In recent years, as miniaturization of electronic devices has proceeded, it has been desired to increase the energy density of batteries, and various nonaqueous electrolyte batteries have been proposed.
For example, previously, metallic lithium has been used mainly for primary batteries as anodes for nonaqueous electrolyte batteries, and anodes of lithium alloys represented by aluminum/lithium alloys and carbon anodes have also been known.
However, when used as anodes for secondary batteries, metallic lithium has been known to be inferior in cycle stability due to formation of dendrites, etc.
Further, the anodes of the lithium alloys represented by the aluminum/lithium alloys do not extract full performance from the lithium batteries, although an improvement in cycle stability is observed compared with metallic lithium.

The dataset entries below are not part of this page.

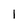
Character: l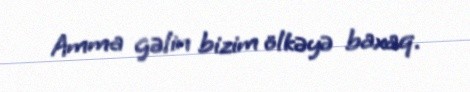
Amma gəlin bizim ölkəyə baxaq.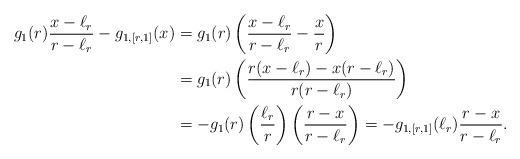
LaTeX: \begin{align*}g_{1}(r)\frac{x-\ell_{r}}{r-\ell_{r}} - g_{1,[r,1]}(x) & = g_{1}(r)\left(\frac{x-\ell_{r}}{r-\ell_{r}} - \frac{x}{r}\right) \\& = g_{1}(r)\left(\frac{r(x-\ell_{r}) - x(r-\ell_{r})}{r(r-\ell_{r})}\right) \\& = -g_{1}(r)\left(\frac{\ell_{r}}{r}\right)\left(\frac{r-x}{r-\ell_{r}}\right) = -g_{1,[r,1]}(\ell_{r})\frac{r-x}{r-\ell_{r}}.\end{align*}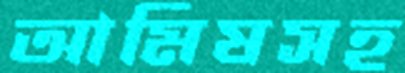
আমিষসহ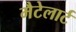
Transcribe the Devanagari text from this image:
मैटेलार्ट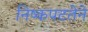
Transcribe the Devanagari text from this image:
निष्कपटतेने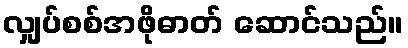
လျှပ်စစ်အဖိုဓာတ် ဆောင်သည်။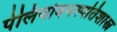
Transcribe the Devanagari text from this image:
पेलियोवनस्पतिशास्त्र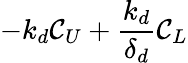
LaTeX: -k_{d}\mathcal{C}_{U}+\frac{{k_{d}}}{{\delta_{d}}}\mathcal{C}_{L}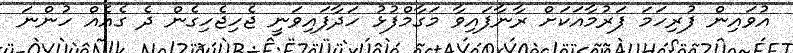
އުވައިން ފުރިހަމަ ފަރުމާއަކަށް ރާނާފައިވާ މަގާމްފުޅު ހަދާފައިވަނީ ޖެހިޖެހިގެން ދެ ގެއެއް ހުންނަ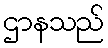
ဌာနသည်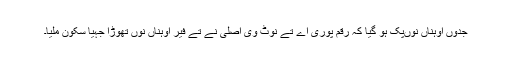
جدوں اوہناں نوںپک ہو گیا کہ رقم پوری اے تے نوٹ وی اصلی نے تے فیر اوہناں نوں تھوڑا جہیا سکون ملیا۔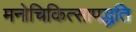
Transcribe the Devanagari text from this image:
मनोचिकित्सापद्धति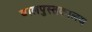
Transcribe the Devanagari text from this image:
बालपुस्तकालय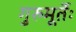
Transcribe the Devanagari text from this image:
गुरुमूर्तेः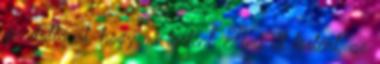
gondolta át, hogy mi történt. Ami itt történt, az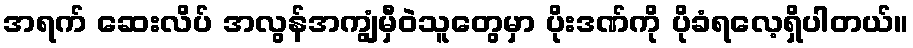
အရက် ဆေးလိပ် အလွန်အကျွံမှီဝဲသူတွေမှာ ပိုးဒဏ်ကို ပိုခံရလေ့ရှိပါတယ်။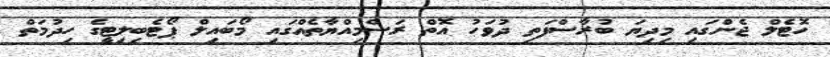
ހޮޓެލް ޖެންގައި މިދިޔަ ބުރާސްފަތި ދުވަހު އޮތް ރަސްމިއްޔާތެއްގައި މޯބައިލް ޕޯޓެބިލިޓީގެ ހިދުމަތް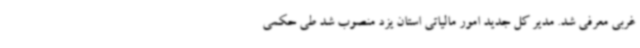
غربی معرفی شد. مدیر کل جدید امور مالیاتی استان یزد منصوب شد طی حکمی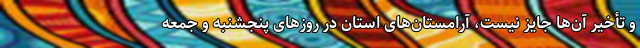
و تأخیر آن‌ها جایز نیست، آرامستان‌های استان در روزهای پنجشنبه و جمعه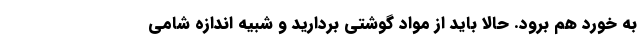
به خورد هم برود. حالا باید از مواد گوشتی بردارید و شبیه اندازه شامی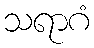
သရာဂံ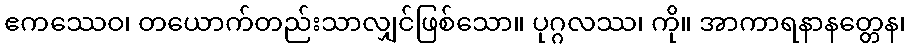
ဧကဿေဝ၊ တယောက်တည်းသာလျှင်ဖြစ်သော။ ပုဂ္ဂလဿ၊ ကို။ အာကာရနာနတ္တေန၊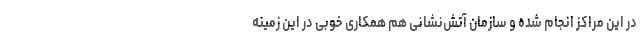
در این مراکز انجام شده و سازمان آتش‌نشانی هم همکاری خوبی در این زمینه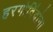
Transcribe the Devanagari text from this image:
हरगोविंदांना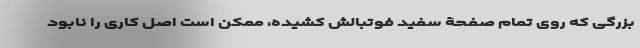
بزرگی که روی تمام صفحۀ سفید فوتبالش کشیده، ممکن است اصل کاری را نابود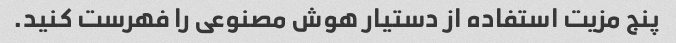
پنج مزیت استفاده از دستیار هوش مصنوعی را فهرست کنید.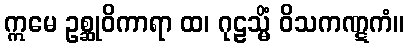
ဣမေ ဥစ္ဆုဝိကာရာ ထ၊ ဂုဠသ္မိံ ဝိသကဏ္ဋကံ။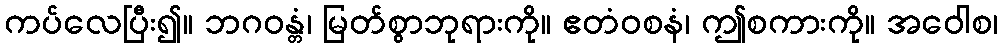
ကပ်လေပြီး၍။ ဘဂဝန္တံ၊ မြတ်စွာဘုရားကို။ ဧတံဝစနံ၊ ဤစကားကို။ အဝေါစ၊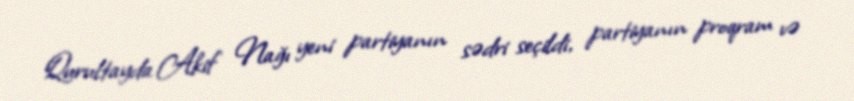
Qurultayda Akif Nağı yeni partiyanın sədri seçildi, partiyanın proqram və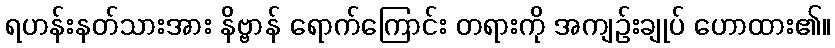
ရဟန်းနတ်သားအား နိဗ္ဗာန် ရောက်ကြောင်း တရားကို အကျဉ်းချုပ် ဟောထား၏။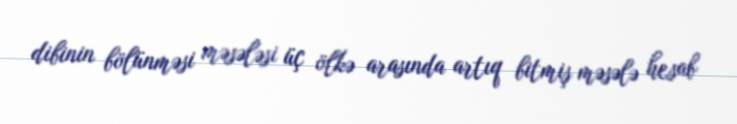
dibinin bölünməsi məsələsi üç ölkə arasında artıq bitmiş məsələ hesab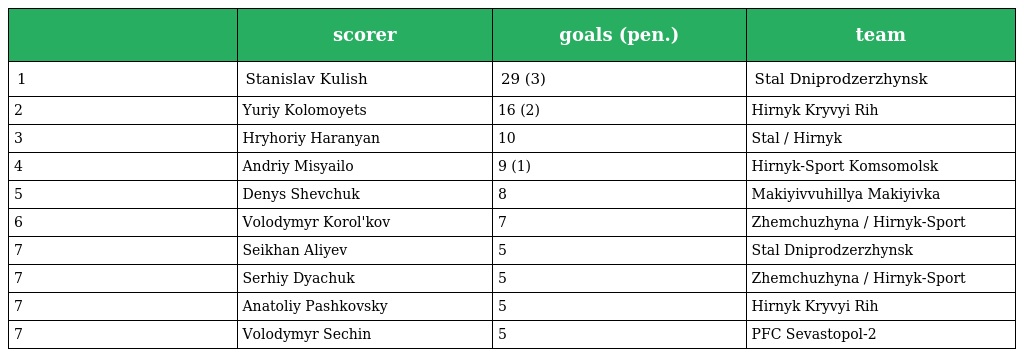
|  | scorer | goals (pen.) | team |
 | --- | --- | --- | --- |
 | 1 | Stanislav Kulish | 29 (3) | Stal Dniprodzerzhynsk |
 | 2 | Yuriy Kolomoyets | 16 (2) | Hirnyk Kryvyi Rih |
 | 3 | Hryhoriy Haranyan | 10 | Stal / Hirnyk |
 | 4 | Andriy Misyailo | 9 (1) | Hirnyk-Sport Komsomolsk |
 | 5 | Denys Shevchuk | 8 | Makiyivvuhillya Makiyivka |
 | 6 | Volodymyr Korol'kov | 7 | Zhemchuzhyna / Hirnyk-Sport |
 | 7 | Seikhan Aliyev | 5 | Stal Dniprodzerzhynsk |
 | 7 | Serhiy Dyachuk | 5 | Zhemchuzhyna / Hirnyk-Sport |
 | 7 | Anatoliy Pashkovsky | 5 | Hirnyk Kryvyi Rih |
 | 7 | Volodymyr Sechin | 5 | PFC Sevastopol-2 |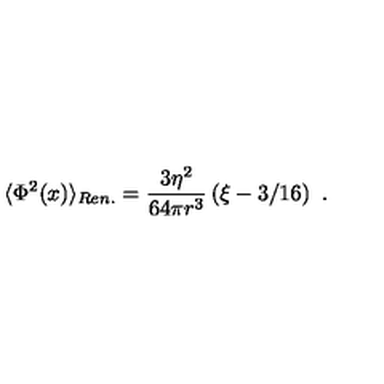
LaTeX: \langle \Phi ^ { 2 } ( x ) \rangle _ { R e n . } = \frac { 3 \eta ^ { 2 } } { 6 4 \pi r ^ { 3 } } \left( \xi - 3 / 1 6 \right) \ .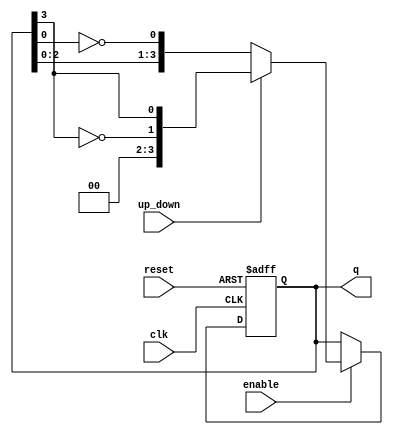
module bidirectional_johnson_counter (
    input wire clk,        // Clock input
    input wire reset,      // Asynchronous reset signal
    input wire enable,     // Enable signal
    input wire up_down,    // Control signal: 1 for count up, 0 for count down
    output reg [n-1:0] q   // Counter output (n-bit)
);
    parameter n = 4;       // Define the number of bits for the counter (adjustable)

    always @(posedge clk or posedge reset) begin
        if (reset) begin
            q <= 0;        // Reset all flip-flops to zero
        end else if (enable) begin
            if (up_down) begin
                // Counting Up (Left Shift for Johnson Counter)
                q <= { ~q[n-1], q[n-1:n-1] }; // Invert q[n-1] to first flip-flop
            end else begin
                // Counting Down (Right Shift for Johnson Counter)
                q <= { q[n-2:0], ~q[0] }; // Invert last flip-flop to the first
            end
        end
    end

endmodule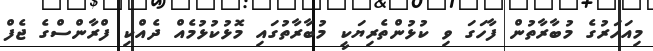
މިއަހަރުގެ މުބާރާތުން ފާހަގަ ވި ކުޅުންތެރިޔަކީ މުބާރާތުގައި މޮޅުކުޅުމެއް ދެއްކި ފްރާންސްގެ ޖެފް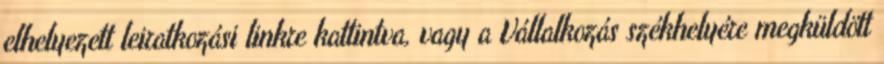
elhelyezett leiratkozási linkre kattintva, vagy a Vállalkozás székhelyére megküldött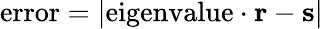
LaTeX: {\mathrm{error}}=|{\mathrm{eigenvalue}}\cdot\mathbf{r}-\mathbf{s}|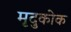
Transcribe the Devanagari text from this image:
मृदुकोक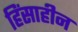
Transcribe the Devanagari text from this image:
हिंसाहीन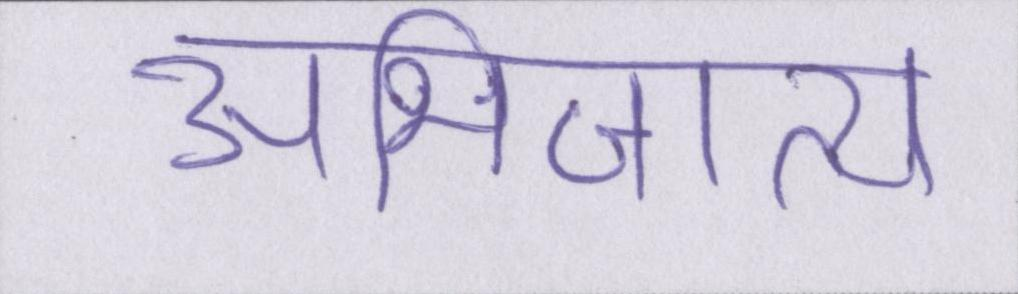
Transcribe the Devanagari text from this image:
अभिजात्य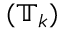
( \mathbb { T } _ { k } )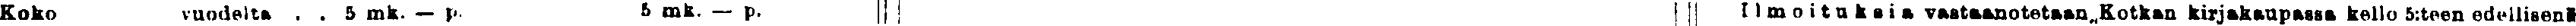
Koko vuodelta . . 5 mk. — p. 5 mk. — p. Imoituksia vaastaanotetaan, Kotkan kirjakaupassa kello 5:teen edellisenä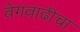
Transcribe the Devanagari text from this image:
वेगवाढीचा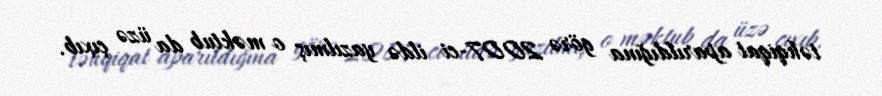
təhqiqat aparıldığına görə 2007-ci ildə yazılmış o məktub da üzə çıxıb.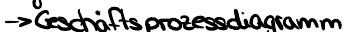
-> Geschäftsprozessdiagramm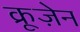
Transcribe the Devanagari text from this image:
क्रूज़ेन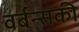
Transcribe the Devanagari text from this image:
वर्बन्सकी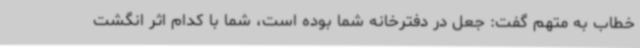
خطاب به متهم گفت: جعل در دفترخانه شما بوده است، شما با کدام اثر انگشت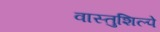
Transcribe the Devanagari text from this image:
वास्तुशिल्पे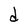
Character: d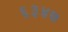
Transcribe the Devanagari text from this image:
६३४७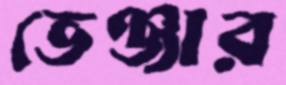
ভেঞ্জার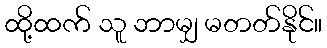
ထို့ထက် သူ ဘာမျှ မတတ်နိုင်။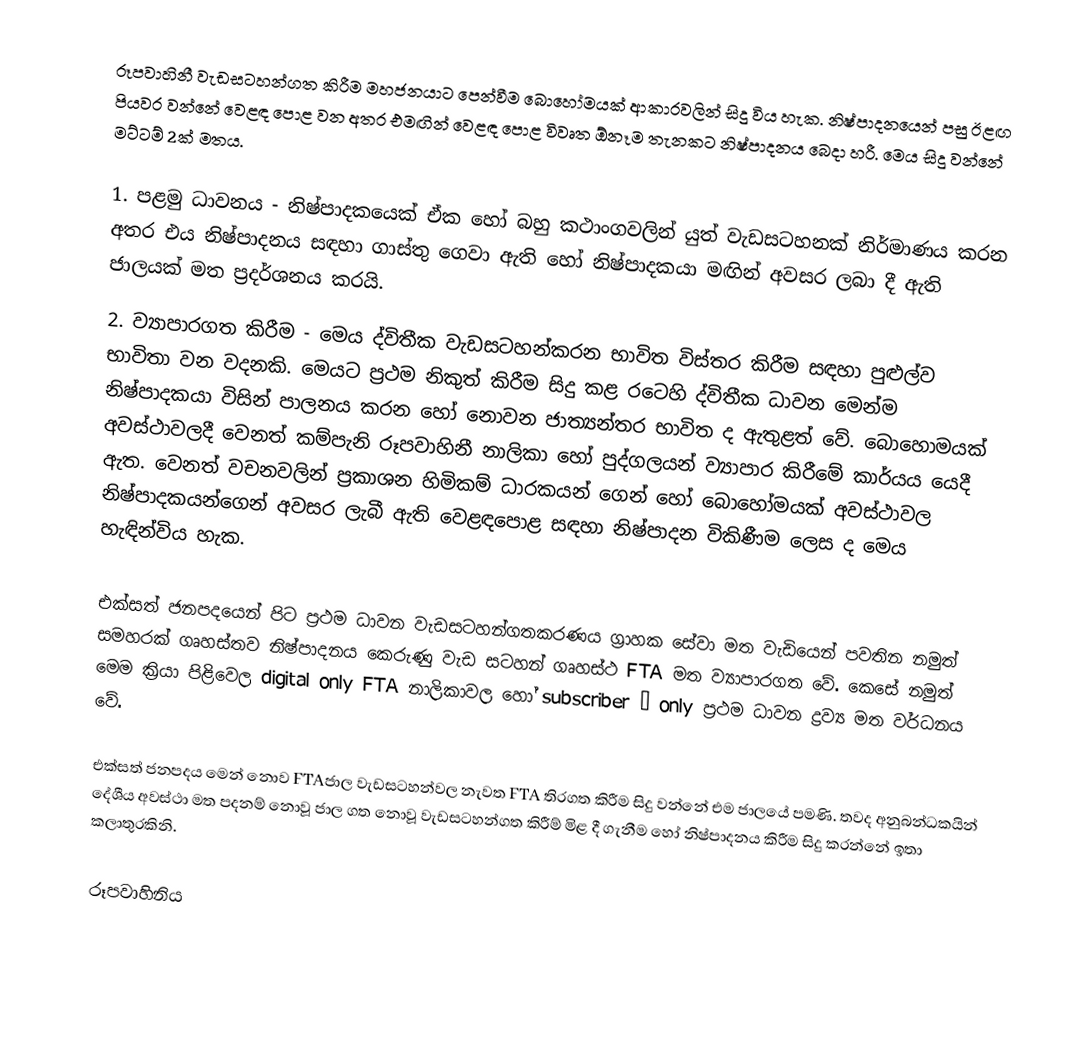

For solving such problems, it has also been proposed to use carbon anodes utilizing the fact that carbon intercalation compounds of lithium are electrochemically easily formed. Such carbon anodes include various ones. For example, a carbon material obtained by burning crystalline cellulose in a stream of a nitrogen gas at 1,800.degree. C. (Japanese Patent Unexamined Publication No. 3-176963), one obtained by graphitization treatment of coal pitch or petroleum pitch under an inert atmosphere at 2,500.degree. C. or more (Japanese Patent Unexamined Publication No. 2-82466) and one proceeding in graphitization treated at a high temperature exceeding 2,000.degree. C. are used, and provide anodes having a cycle stability, though a reduction in capacity is observed compared with metallic lithium and the lithium alloys. However for such anodes, a sufficient cycle stability has not been obtained in charge and discharge at a high current density.
When metallic lithium is used as the anodes of the lithium batteries, dendrites are formed upon charge and discharge. They not only cause deterioration, but also react with violence by contact with water, which raises the problem that the possibility of deterioration increases. Also, the lithium alloys are known not to be sufficient, although superior to metallic lithium in stability.
On the other hand, carbon anodes are sufficiently gentle in reaction with water also in the charged state, the state where lithium is intercalated in carbon, and the formation of dendrites upon charge and discharge is also barely observed. They are therefore excellent. However, many kinds of carbons can scarcely be charged and discharged, or are extremely low in capacity, compared with the theoretical capacity (assuming that the state of LiC.sub.6 is a maximum capacity).
Further, even if the initial capacity is relatively large, the capacity is deteriorated by repetition of charge and discharge. Even in the carbon anodes having a relatively large capacity, repetition of charge and discharge at a high current density provokes rapid deterioration, and the performance as secondary batteries can not be satisfied. Thus, anodes having adequate performance have not been obtained by the conventional carbon anodes.
Furthermore, for producing carbon for carbon electrodes, heat treatment at a high temperature of 2,000.degree. C. or more is necessary, and a method has been desired in which carbon can be produced at a lower temperature and more easily.
As is described above, carbon has come to be used as optimum electrode materials for secondary batteries, and can also be utilized for semiconductors, capacitors, activated carbon, etc. in addition, to widen its uses.
The present invention was carried out with the background of the conventional technical problems as described above, and an object is to provide a carbon material useful for an electrode material for a secondary battery, a capacitor, activated carbon, etc., particularly which has a high capacity, which is excellent in cycle stability, and which can also comply with charge and discharge at high current density; and a method for producing a carbon material in which such a carbon material can be obtained at a relatively low temperature (1,500.degree. C. or less) without heat treatment at a high temperature.